Pictures excluded, copy word for word the lines from the one holding "A book cover" through the last line below.

» **Material provided**:

====

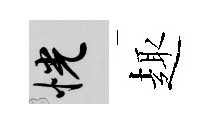
恍趣
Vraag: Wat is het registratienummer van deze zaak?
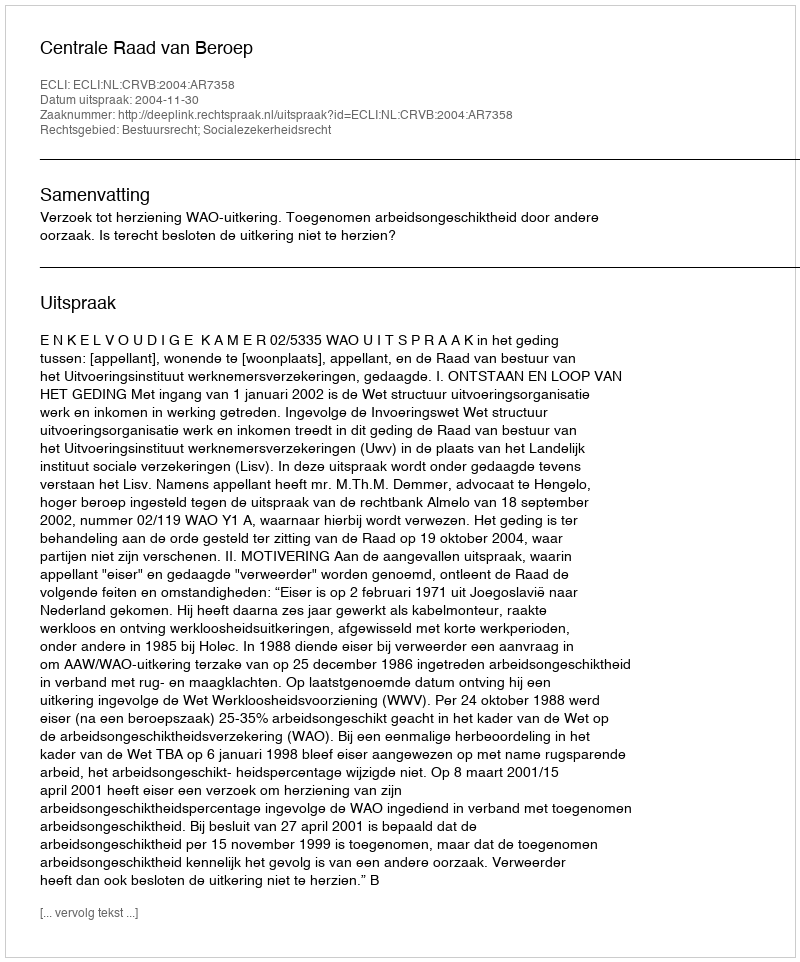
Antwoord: http://deeplink.rechtspraak.nl/uitspraak?id=ECLI:NL:CRVB:2004:AR7358
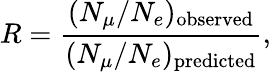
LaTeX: R=\frac{(N_{\mu}/N_{e})_{\mathrm{observed}}}{(N_{\mu}/N_{e})_{\mathrm{predicted}}},
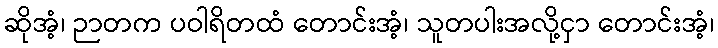
ဆိုအံ့၊ ဉာတက ပဝါရိတထံ တောင်းအံ့၊ သူတပါးအလို့ငှာ တောင်းအံ့၊
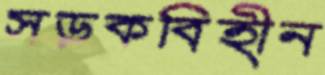
সড়কবিহীন
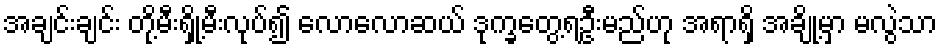
အချင်းချင်း တို့မီးရှို့မီးလုပ်၍ လောလောဆယ် ဒုက္ခတွေ့ရဦးမည်ဟု အရာရှိ အချို့မှာ မလွဲသာ
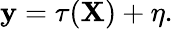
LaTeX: \mathbf{y}=\tau(\mathbf{X})+\eta.
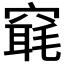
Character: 𥧢
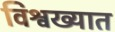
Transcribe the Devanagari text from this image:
विश्वख्यात
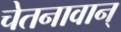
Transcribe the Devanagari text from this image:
चेतनावान्‌
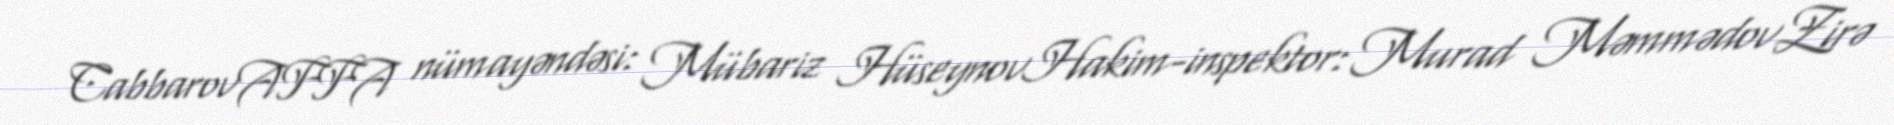
CabbarovAFFA nümayəndəsi: Mübariz HüseynovHakim-inspektor: Murad MəmmədovZirə
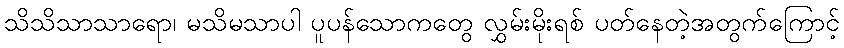
သိသိသာသာရော၊ မသိမသာပါ ပူပန်သောကတွေ လွှမ်းမိုးရစ် ပတ်နေတဲ့အတွက်ကြောင့်
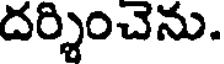
దర్శించెను.
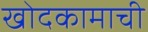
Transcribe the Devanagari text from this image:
खोदकामाची
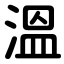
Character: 溫
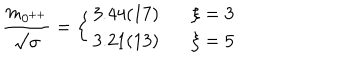
{ \frac { m _ { 0 ^ { + + } } } { \surd \sigma } } = \left\{ \begin{array} { l l } { { 3 . 4 4 ( 1 7 ) } } & { { \ \ \ \xi = 3 } } \\ { { 3 . 2 1 ( 1 3 ) } } & { { \ \ \ \xi = 5 } } \\ \end{array} \right.
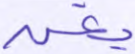
يغن
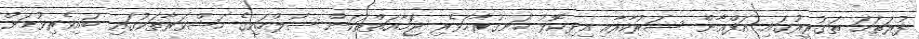
ފުރަތަމަ ތަގުރީރުގައި އަފްޣާން ސަރުކާރާއި އިދިކޮޅު ހަނގުރާމަވެރި ޖަމާއަތްތަކަށް ސުލްހައިގެ މަޝްވަރާތަކުގައި ބައިވެރިވުމަށް
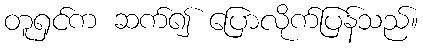
တူရှင်က ဆက်၍ ပြောလိုက်ပြန်သည်။
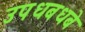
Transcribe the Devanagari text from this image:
उपधबधबे
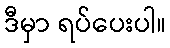
ဒီမှာ ရပ်ပေးပါ။
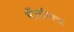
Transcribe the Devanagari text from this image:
मॉलवित्ज़
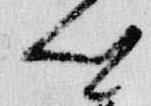
卿
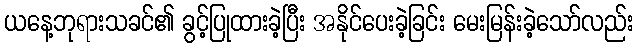
ယနေ့ဘုရားသခင်၏ ခွင့်ပြုထားခဲ့ပြီး အနိုင်ပေးခဲ့ခြင်း မေးမြန်းခဲ့သော်လည်း
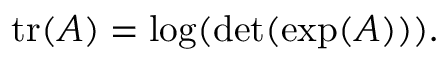
\operatorname { t r } ( A ) = \log ( \operatorname* { d e t } ( \exp ( A ) ) ) .
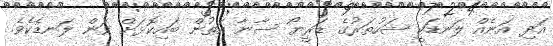
އަދި އަނެއް ލަނޑަކީ ޝަހުތަރުގެ ޑަރީޔޯ ސާނާ އަތުން ބައިކޮޅަށް ވަން ލަނޑެކެވެ.
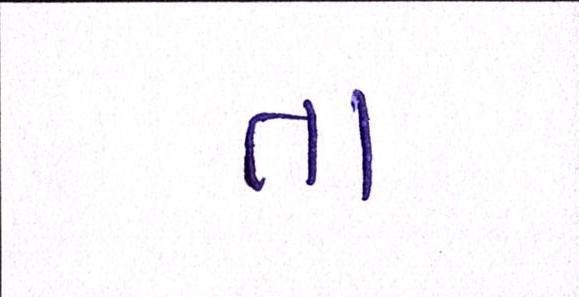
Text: તા
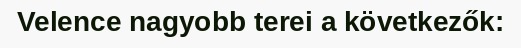
Velence nagyobb terei a következők:
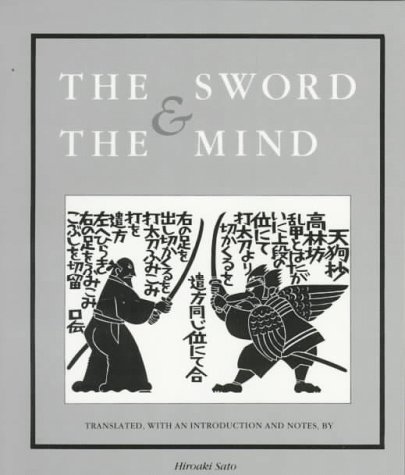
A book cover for The Sword and the Mind; Yagyu Muenori; Sports & Outdoors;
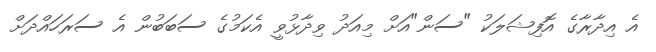
އެ އިދާރާގެ އޮފިޝަލަކު "ސަން"އަށް މިއަދު ވިދާޅުވީ އެކަމުގެ ސަބަބުން އެ ސަރަހައްދަށް
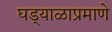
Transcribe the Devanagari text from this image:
घड्याळाप्रमाणे
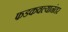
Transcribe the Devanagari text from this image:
फडकवल्यानंतर
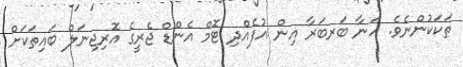
ތަކަކުންނެވެ. ހަނާ ބަރބަރާ އިން އުފެއްދި ޓޮމް އެންޑް ޖެރީގެ އޮރިޖިނަލް ބައިތަކަށް
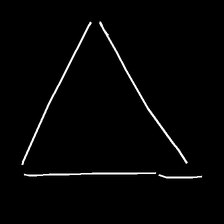
Glyph: convergence
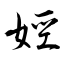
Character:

====

» **Exercise solution**:
A book cover for The Sword and the Mind; Yagyu Muenori; Sports & Outdoors;
އެ އިދާރާގެ އޮފިޝަލަކު "ސަން"އަށް މިއަދު ވިދާޅުވީ އެކަމުގެ ސަބަބުން އެ ސަރަހައްދަށް
Transcribe the Devanagari text from this image:
घड्याळाप्रमाणे
Transcribe the Devanagari text from this image:
फडकवल्यानंतर
ތަކަކުންނެވެ. ހަނާ ބަރބަރާ އިން އުފެއްދި ޓޮމް އެންޑް ޖެރީގެ އޮރިޖިނަލް ބައިތަކަށް
Glyph: convergence
Character:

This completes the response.